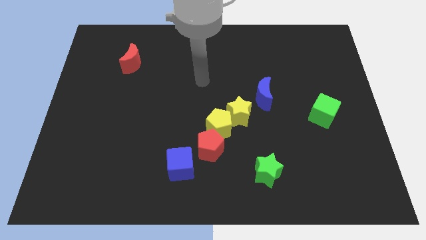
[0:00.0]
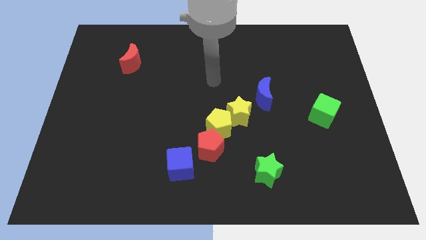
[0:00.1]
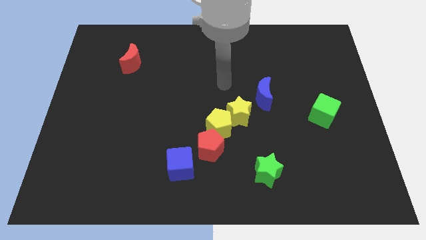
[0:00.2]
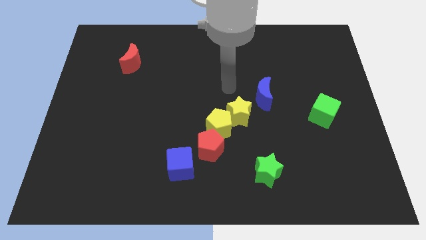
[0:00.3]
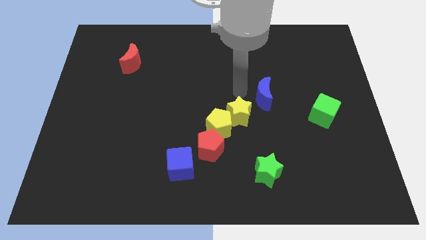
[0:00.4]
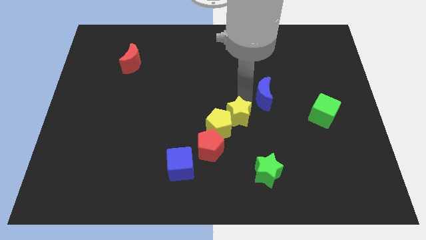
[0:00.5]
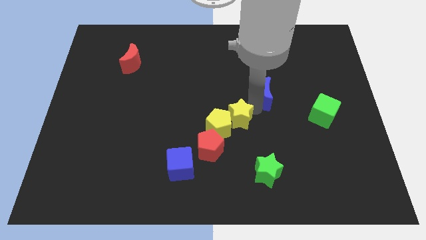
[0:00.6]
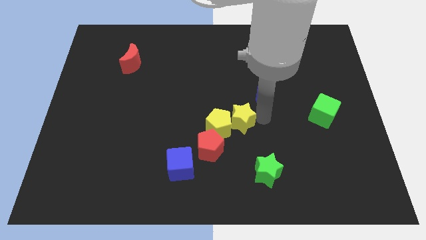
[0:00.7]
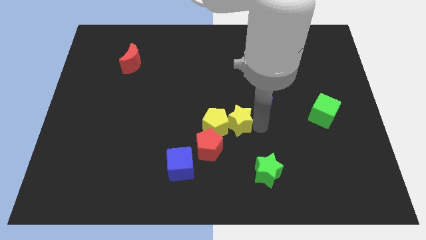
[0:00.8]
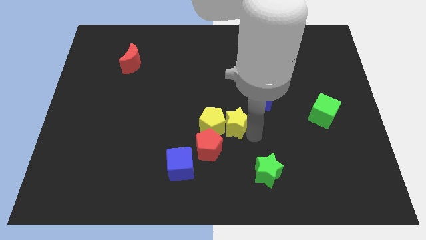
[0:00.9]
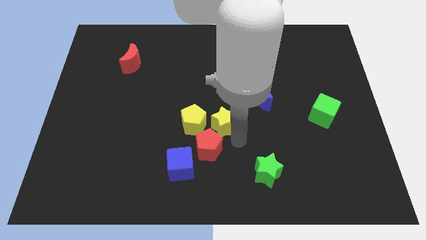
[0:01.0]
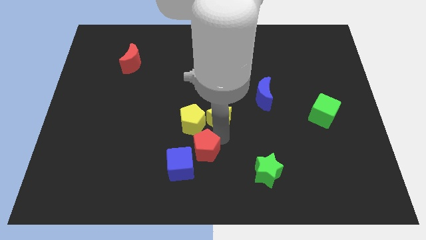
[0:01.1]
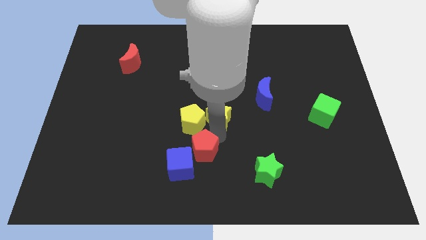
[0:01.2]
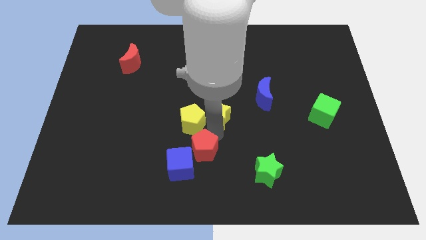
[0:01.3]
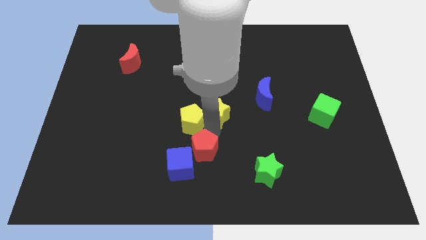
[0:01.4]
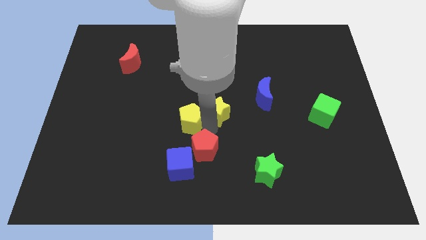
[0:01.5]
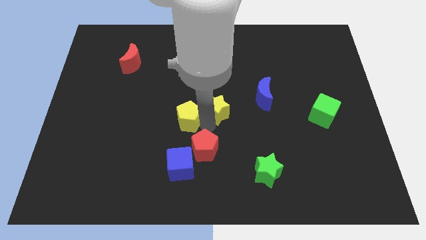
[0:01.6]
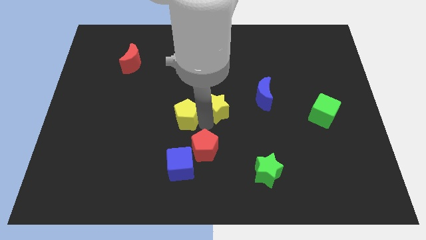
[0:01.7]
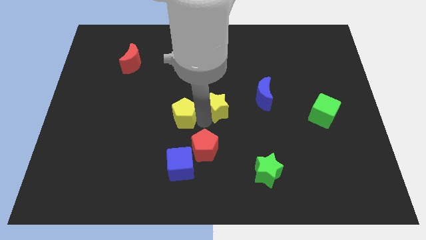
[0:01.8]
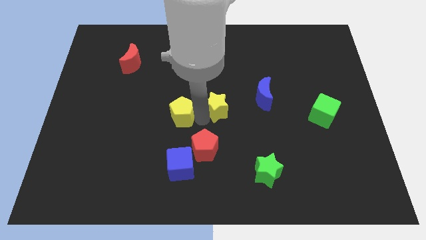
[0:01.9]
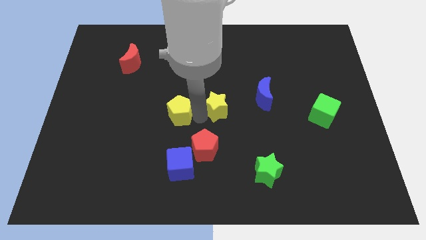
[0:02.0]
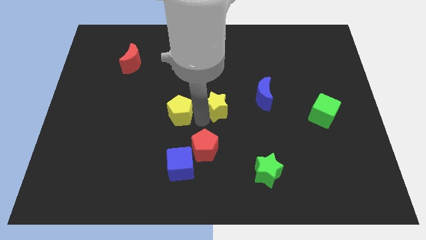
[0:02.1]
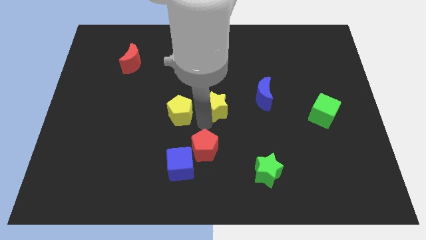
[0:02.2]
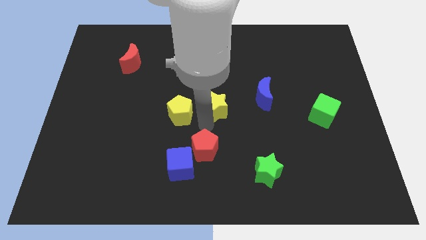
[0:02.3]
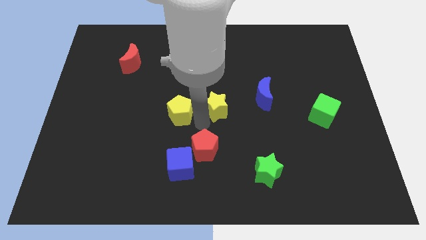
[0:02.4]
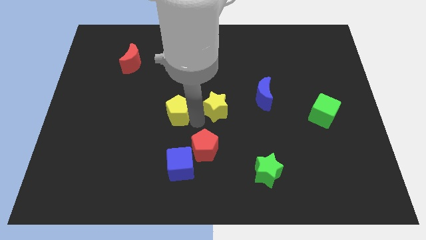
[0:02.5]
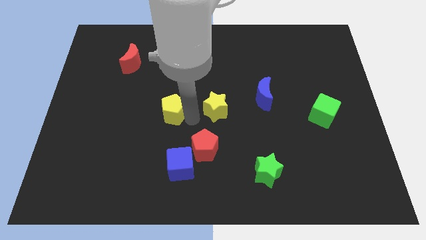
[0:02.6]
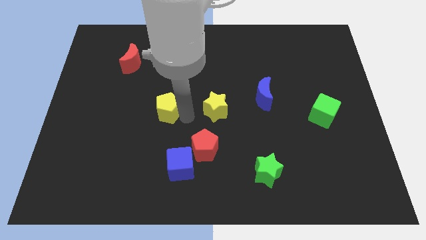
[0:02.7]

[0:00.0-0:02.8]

TASK TO COMPLETE
Except for the pictures, print the data above exactly.

WRITTEN ANSWER
[0:00.0]
[0:00.1]
[0:00.2]
[0:00.3]
[0:00.4]
[0:00.5]
[0:00.6]
[0:00.7]
[0:00.8]
[0:00.9]
[0:01.0]
[0:01.1]
[0:01.2]
[0:01.3]
[0:01.4]
[0:01.5]
[0:01.6]
[0:01.7]
[0:01.8]
[0:01.9]
[0:02.0]
[0:02.1]
[0:02.2]
[0:02.3]
[0:02.4]
[0:02.5]
[0:02.6]
[0:02.7]

[0:00.0-0:02.8]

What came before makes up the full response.